L’article qui suit propose le commentaire « à chaud » de ce document, qui prend à bras le corps les pratiques funéraires actuelles et les nombreuses interrogations qui en découlent : l’instruction entend fonder la pratique pastorale de l’Église dans une juste compréhension du mystère pascal. La pratique de la crémation s’est beaucoup développée depuis 2016. L’instruction vaut pourtant la peine d’être relue pour éclairer les adaptations de nos pratiques devenues nécessaires depuis sa parution.
La Résurrection du Christ comme fondement de la position de l’Église
Le document débute par rappeler l’instruction Piam et constantem donnée par le Saint-Office le 5 juillet 1963. Cette dernière précisait que l’incinération n’était « pas contraire en soi à la foi chrétienne » et que désormais on ne refuserait plus les funérailles chrétiennes à ceux qui auraient recours à cette pratique, à condition qu’un tel choix ne soit pas motivé par « une négation des dogmes chrétiens, dans un esprit sectaire, ou par haine contre la religion ou l’Église ». Ce changement de discipline ecclésiastique a été heureusement reçu dans la pastorale et il a été inscrit tant dans le Code de droit canonique (1983) et que dans le Code des Canons des Églises orientales (1990). Entre temps, la pratique de l’incinération des corps s’est encore plus largement répandue dans les sociétés occidentales, posant des questions nouvelles tant anthropologiques, spirituelles que liturgiques et doctrinales. Ad resurgendum Christo précise ensuite, comme base à tout ce qui suivra, que la résurrection du Christ constitue le fondement de la foi chrétienne. C’est cette vérité que constitue la clé de lecture du texte. L’œuvre de résurrection est déjà entreprise pour le croyant au moment de son baptême ; là il naît à la vie nouvelle d’enfant de Dieu par l’eau et l’Esprit. « Grâce au Christ, la mort a un sens positif » (n. 2).

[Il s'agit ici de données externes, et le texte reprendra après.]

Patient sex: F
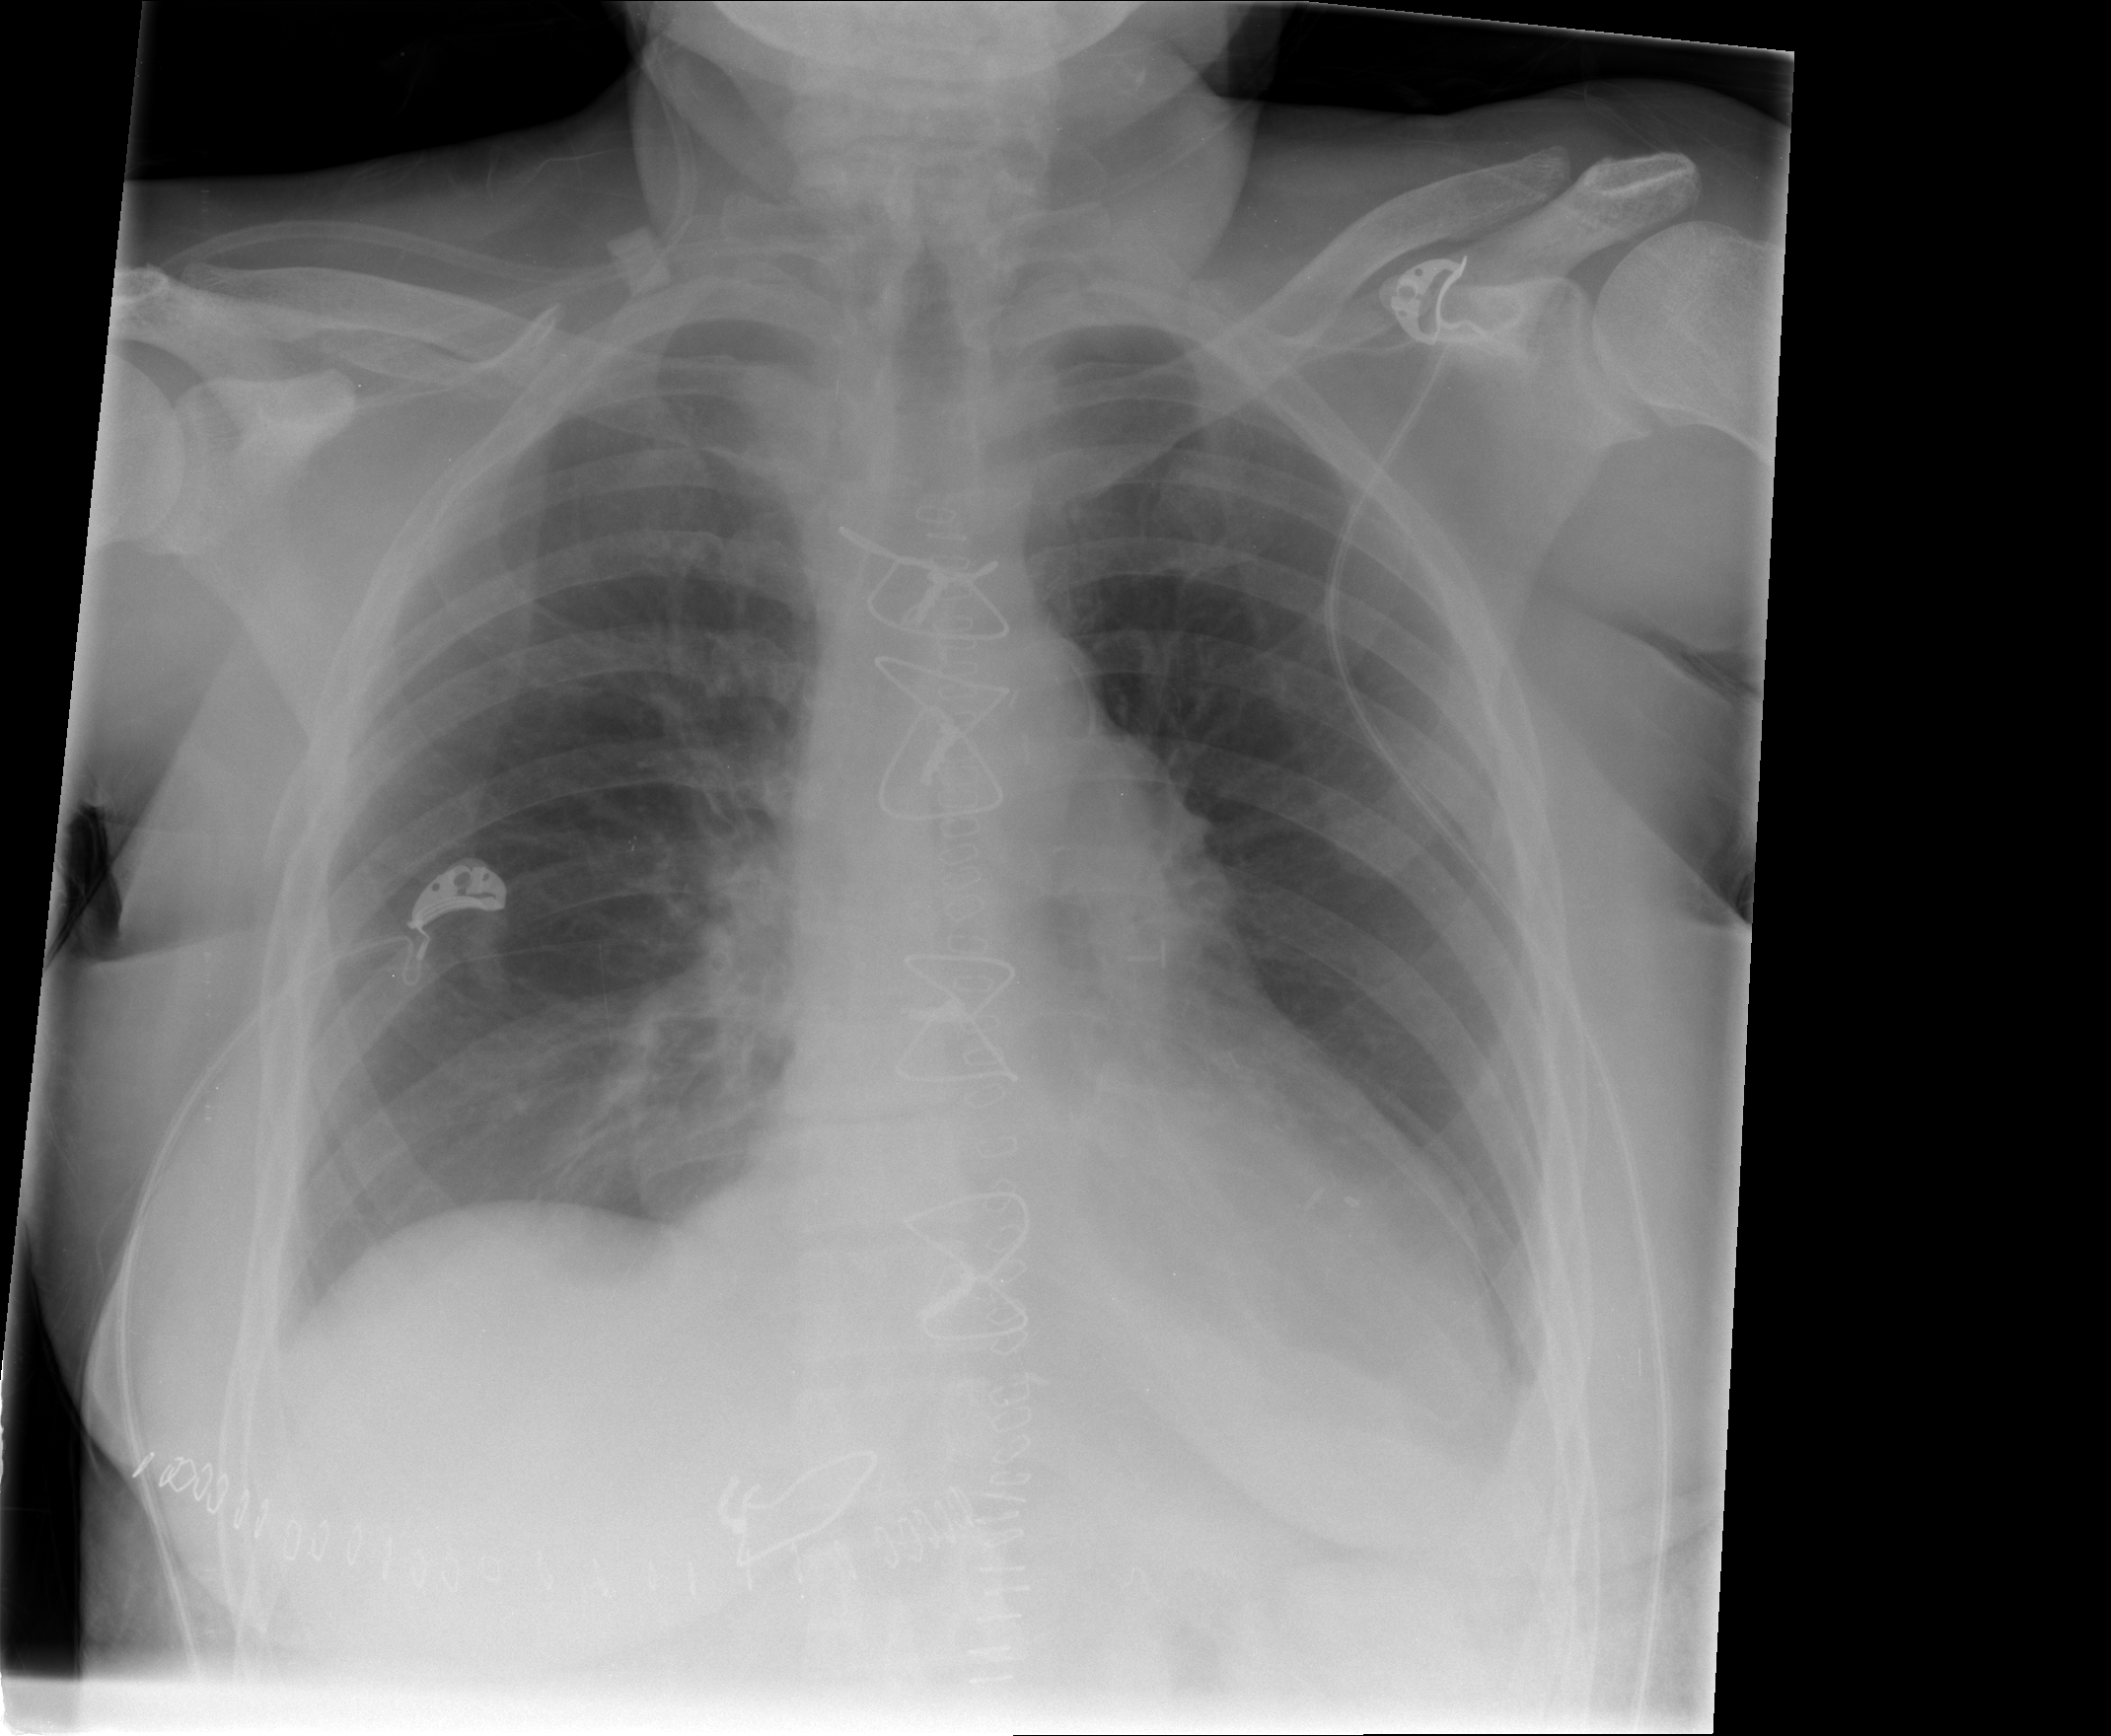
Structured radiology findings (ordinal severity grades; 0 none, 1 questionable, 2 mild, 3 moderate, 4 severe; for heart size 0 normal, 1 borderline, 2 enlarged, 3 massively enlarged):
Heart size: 1
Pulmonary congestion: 1
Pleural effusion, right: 0
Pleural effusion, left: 1
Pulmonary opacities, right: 0
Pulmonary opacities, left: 0
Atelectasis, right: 0
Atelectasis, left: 2
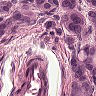
Metastatic tissue present: no
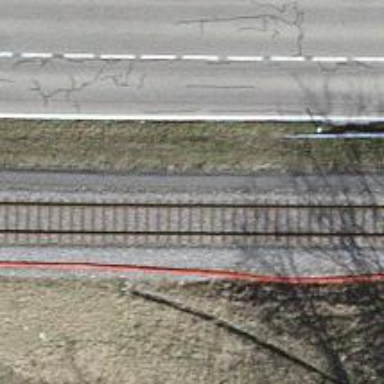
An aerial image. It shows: Single railway track with electrification through contact line.
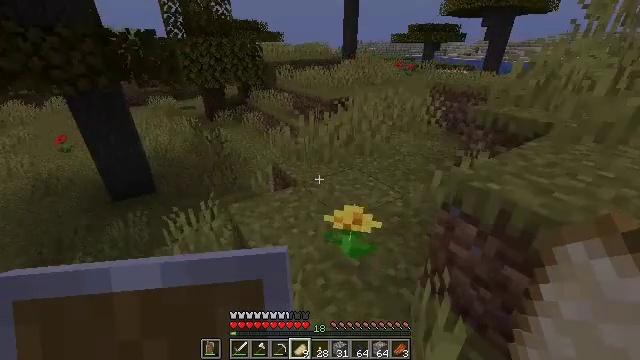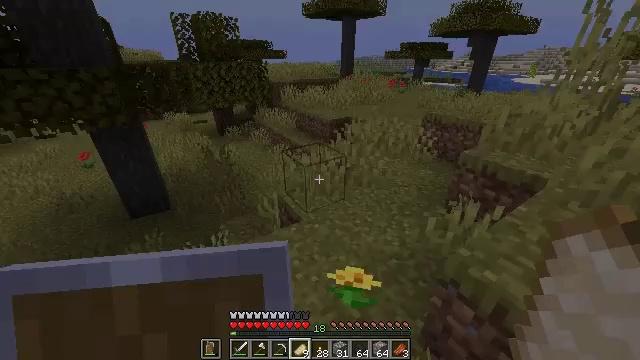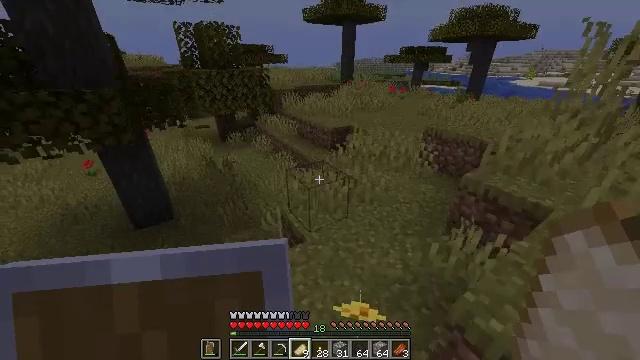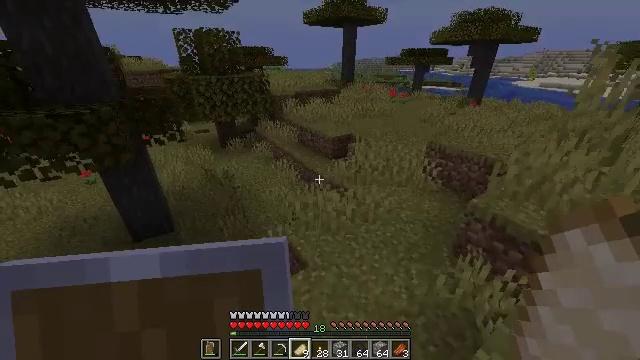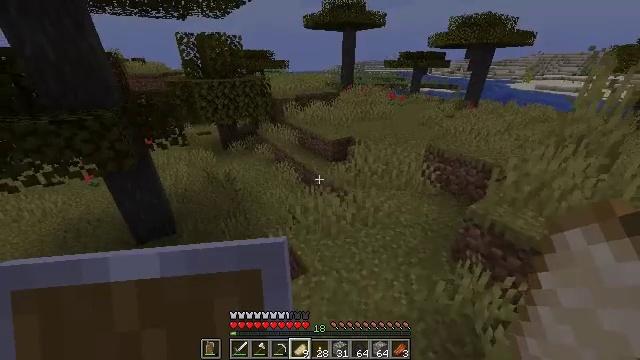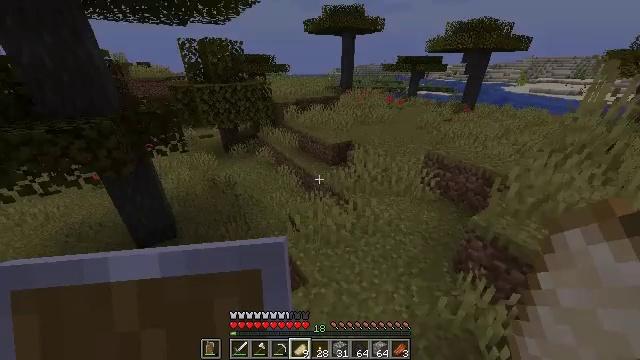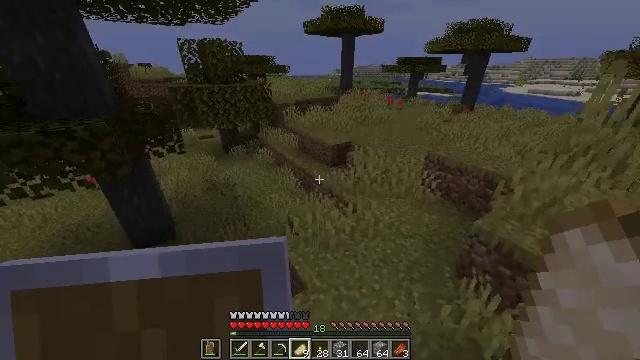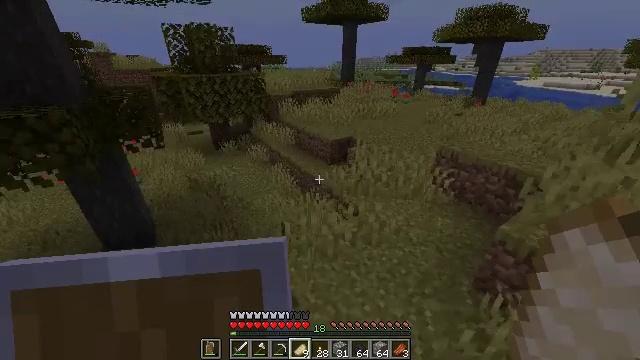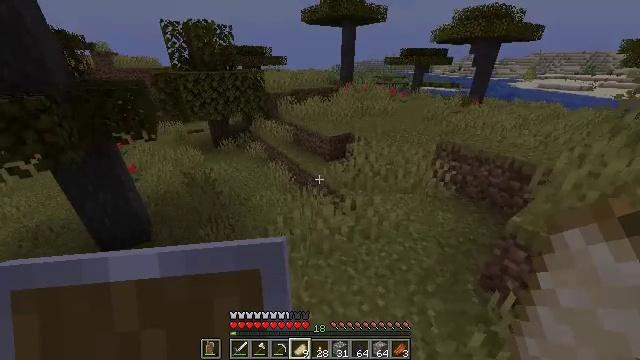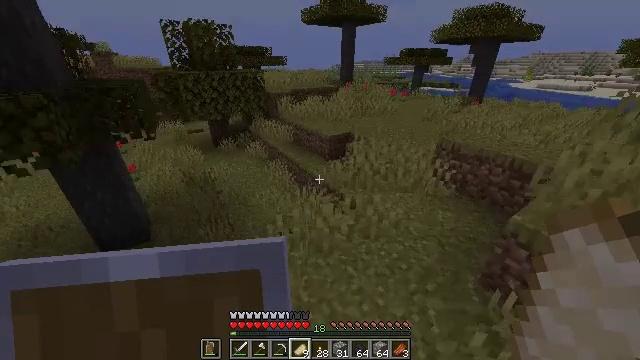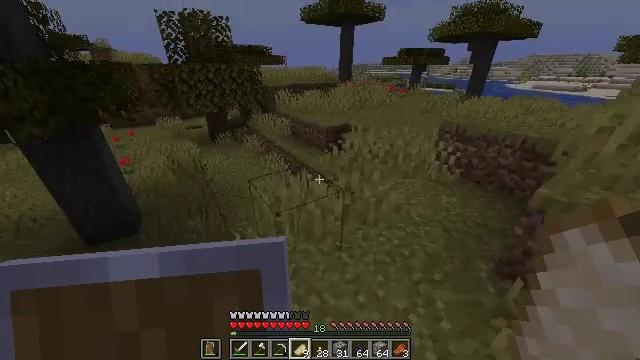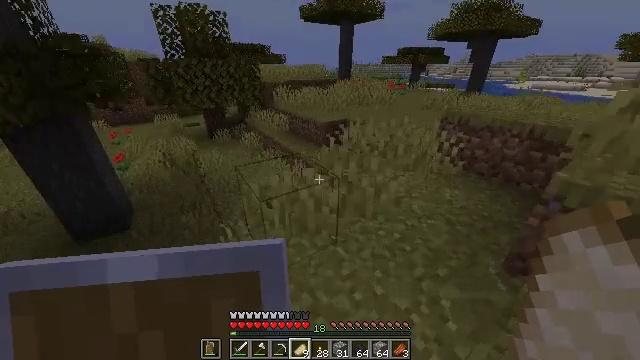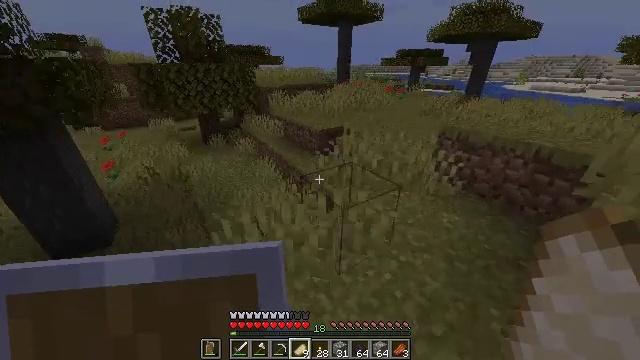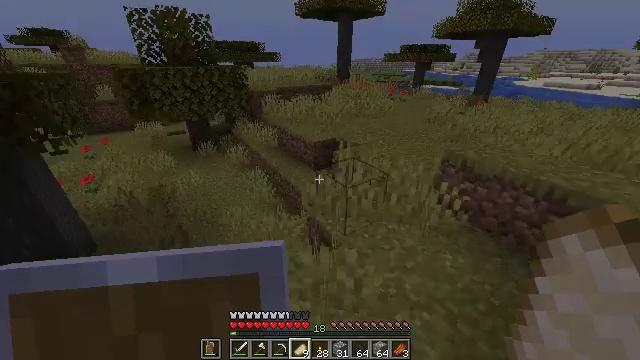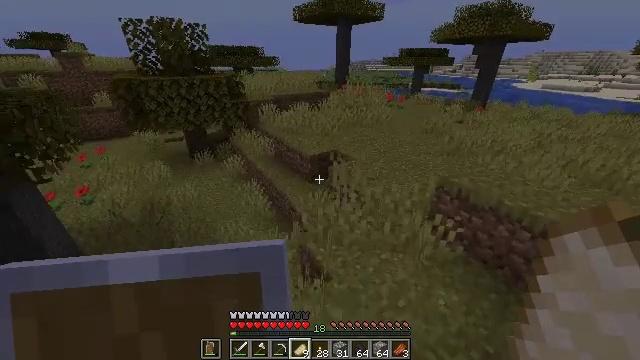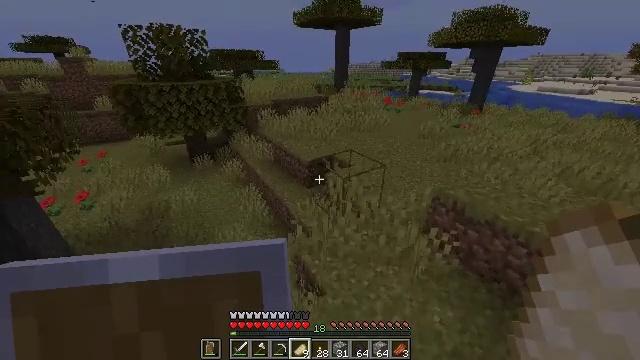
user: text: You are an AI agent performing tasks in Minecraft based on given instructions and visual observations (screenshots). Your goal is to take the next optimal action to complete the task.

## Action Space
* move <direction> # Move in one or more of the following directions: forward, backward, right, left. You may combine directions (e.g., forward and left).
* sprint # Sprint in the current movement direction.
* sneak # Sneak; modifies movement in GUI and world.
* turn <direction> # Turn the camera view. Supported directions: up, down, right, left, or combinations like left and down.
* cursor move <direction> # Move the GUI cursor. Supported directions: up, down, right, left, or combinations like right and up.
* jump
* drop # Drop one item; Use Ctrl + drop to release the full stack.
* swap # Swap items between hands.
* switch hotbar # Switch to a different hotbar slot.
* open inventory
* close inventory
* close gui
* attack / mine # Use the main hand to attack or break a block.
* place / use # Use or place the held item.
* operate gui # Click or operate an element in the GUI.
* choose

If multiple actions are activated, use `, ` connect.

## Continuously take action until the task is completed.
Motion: motion action
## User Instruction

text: Drop an apple.
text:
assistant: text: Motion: move forward and move right, sprint, jump
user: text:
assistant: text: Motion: move forward and move right, sprint, jump
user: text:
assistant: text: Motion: move forward and move right, jump
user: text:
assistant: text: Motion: move forward and move right, jump
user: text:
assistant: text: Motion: move forward and move right, jump
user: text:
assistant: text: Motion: move forward and move right, jump
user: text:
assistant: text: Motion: move forward and move right, jump
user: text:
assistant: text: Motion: move forward and move right, jump
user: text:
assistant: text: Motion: move forward and move right, jump
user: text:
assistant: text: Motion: move forward and move right, jump
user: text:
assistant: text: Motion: move forward and move right, jump
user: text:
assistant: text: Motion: move forward and move right, jump
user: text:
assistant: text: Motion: move forward and move right, jump
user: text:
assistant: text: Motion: move forward and move right, jump
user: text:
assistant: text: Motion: move forward and move right, jump
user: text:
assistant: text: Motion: move forward and move right, jump
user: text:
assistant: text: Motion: move forward and move right, jump
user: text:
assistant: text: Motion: move forward
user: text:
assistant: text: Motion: move forward
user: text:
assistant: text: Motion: move forward
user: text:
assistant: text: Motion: move forward
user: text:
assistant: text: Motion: move forward
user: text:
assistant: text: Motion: move forward
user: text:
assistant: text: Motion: move forward, sprint
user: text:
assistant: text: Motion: move forward, sprint
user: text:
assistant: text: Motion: move forward, sprint
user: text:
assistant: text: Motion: move forward, sprint
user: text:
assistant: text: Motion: move forward, sprint
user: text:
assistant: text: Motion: move forward
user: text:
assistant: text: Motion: move forward, jump

La vision chrétienne de la mort
La tradition chrétienne exprime sa préférence pour l’inhumation des corps. Cette pratique, en effet, qui rappelle l’ensevelissement du Seigneur lui-même, est la forme la plus idoine pour exprimer la foi en la résurrection. Pour vivre avec le Christ, il s’agit de mourir en Lui, et pour ainsi dire, de faire comme Lui au point de partager son propre tombeau dans l’attente de la Pâque. Cette déposition au tombeau traduira aussi, au plus haut point, la dignité intrinsèque que l’Église reconnaît au corps humain. Il ne subira aucune atteinte sauf celle de la terre et du temps sur son enveloppe charnelle, jusqu’à ce que « Dieu [rende] la vie incorruptible à notre corps transformé, en le réunissant à notre âme » (n.2). La vision chrétienne de la mort s’opposer donc à l’idée d’un anéantissement définitif de la personne, d’un moment de sa fusion avec la Mère-nature ou avec l’univers, une étape dans le processus de réincarnation, ou encore la libération définitive de la « prison » du corps (cf. n. 3).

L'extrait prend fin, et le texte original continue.